Pyruvate dehydrogenase phosphatase catalytic subunit 1 (PDPC 1), also known as protein phosphatase 2C, is an enzyme that in humans is encoded by the PDP1 gene. PDPC 1 is an enzyme which serves to reverse the effects of pyruvate dehydrogenase kinase upon pyruvate dehydrogenase, activating pyruvate dehydrogenase.

Function 

Pyruvate dehydrogenase (E1) is one of the three components (E1, E2, and E3) of the large pyruvate dehydrogenase complex. Pyruvate dehydrogenase kinases catalyze phosphorylation of serine residues of E1 to inactivate the E1 component and inhibit the complex. Pyruvate dehydrogenase phosphatases catalyze the dephosphorylation and activation of the E1 component to reverse the effects of pyruvate dehydrogenase kinases.
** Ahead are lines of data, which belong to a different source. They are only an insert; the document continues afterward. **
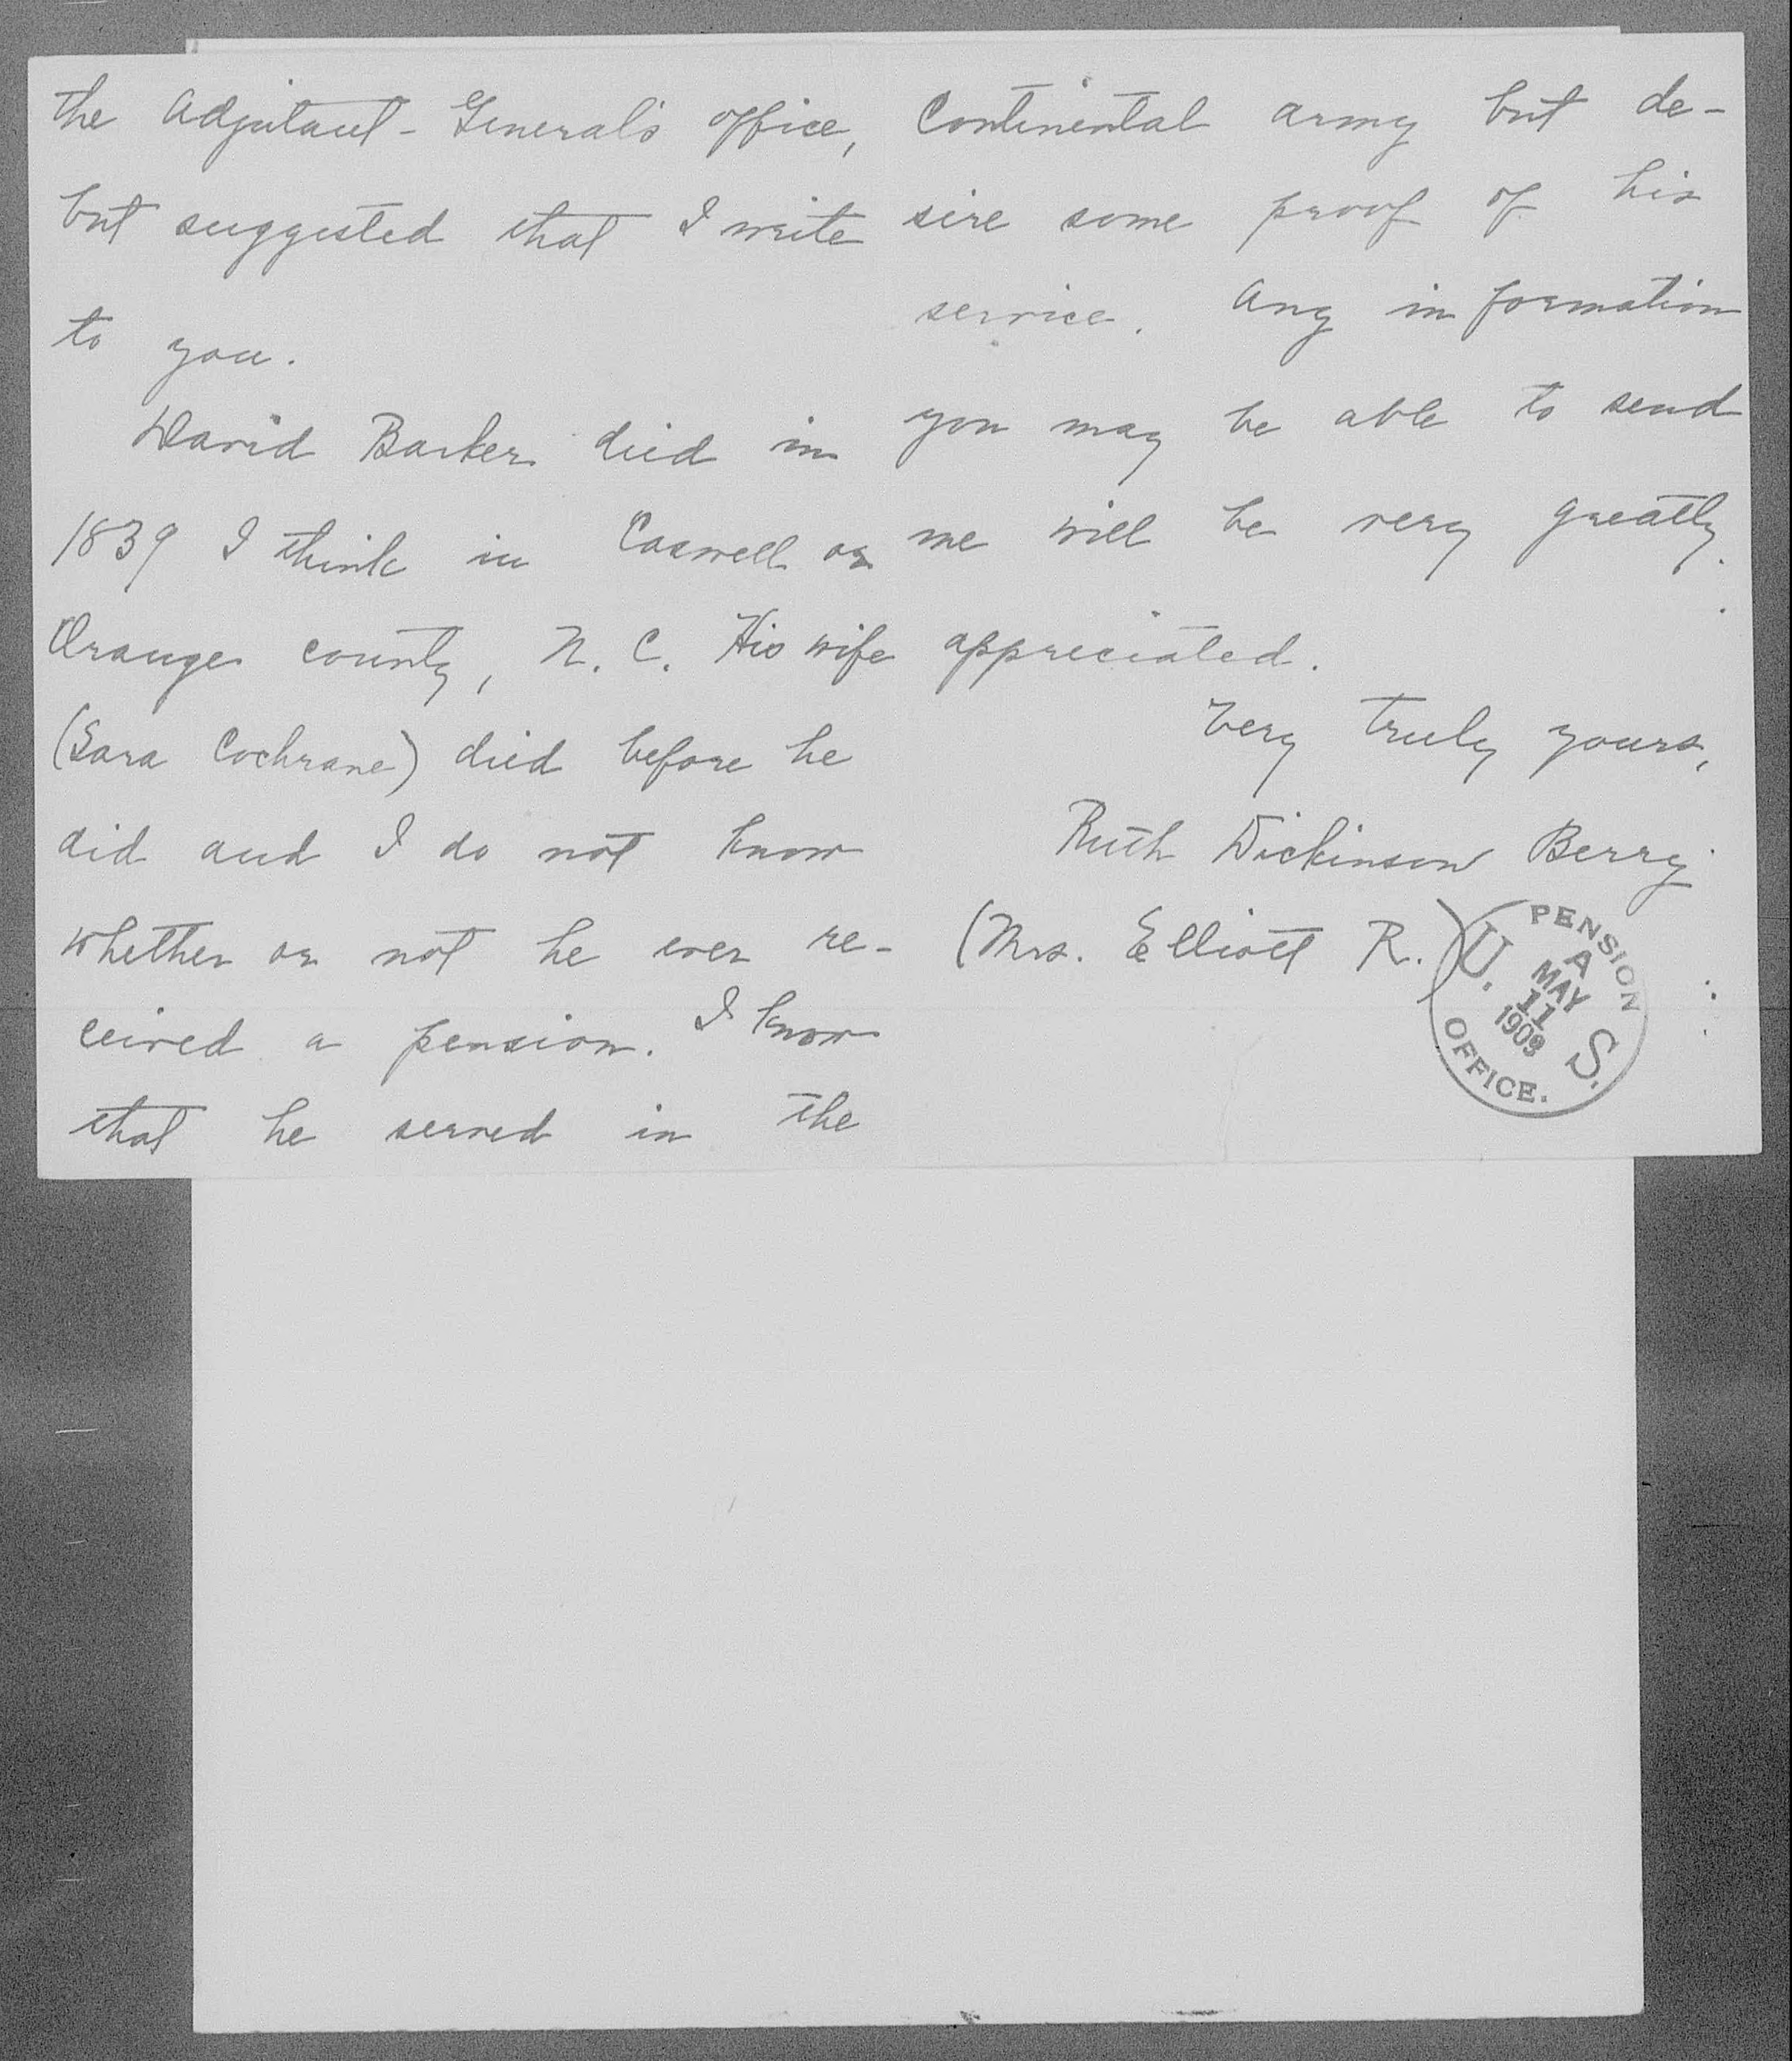[left side of page -The Adjutant – General’s office, [but] suggested that I write to you. 
David Barker died in 1839 I think in Caswell or Orange County, N.C. His wife (Sara Cochrane), died before he did and I do not know whether or not he ever received a pension. I know that he served in the] end left side 

[right side of page - Continental Army but desire some proof of his service. Any information you may be able to send me will be very greatly appreciated.
Very truly yours,
Ruth Dickinson Berry (Mrs. Elliott R.)] end right side

[Stamped – PENSION A MAY 11 1909 OFFICE. U. S.]

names: Ruth Dickinson Berry, Sara Cochrane, David Barker, Elliott R
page: 19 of 23
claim: survivor's
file: S. 6560, David Barker, N.C.

Pyruvate dehydrogenase phosphatase is a heterodimer consisting of catalytic and regulatory subunits. Two catalytic subunits have been reported; one is predominantly expressed in skeletal muscle, and another one is much more abundant in the liver. The catalytic subunit, encoded by this gene, is the former, and belongs to the protein phosphatase 2C (PP2C) superfamily. Along with the pyruvate dehydrogenase complex and pyruvate dehydrogenase kinases, this enzyme is located in the mitochondrial matrix.

Regulation 

Pyruvate dehydrogenase phosphatase is stimulated by insulin, PEP, and AMP, but competitively inhibited by ATP, NADH, and Acetyl-CoA.

Clinical significance 

Mutation in the PDP1 gene causes pyruvate dehydrogenase phosphatase deficiency.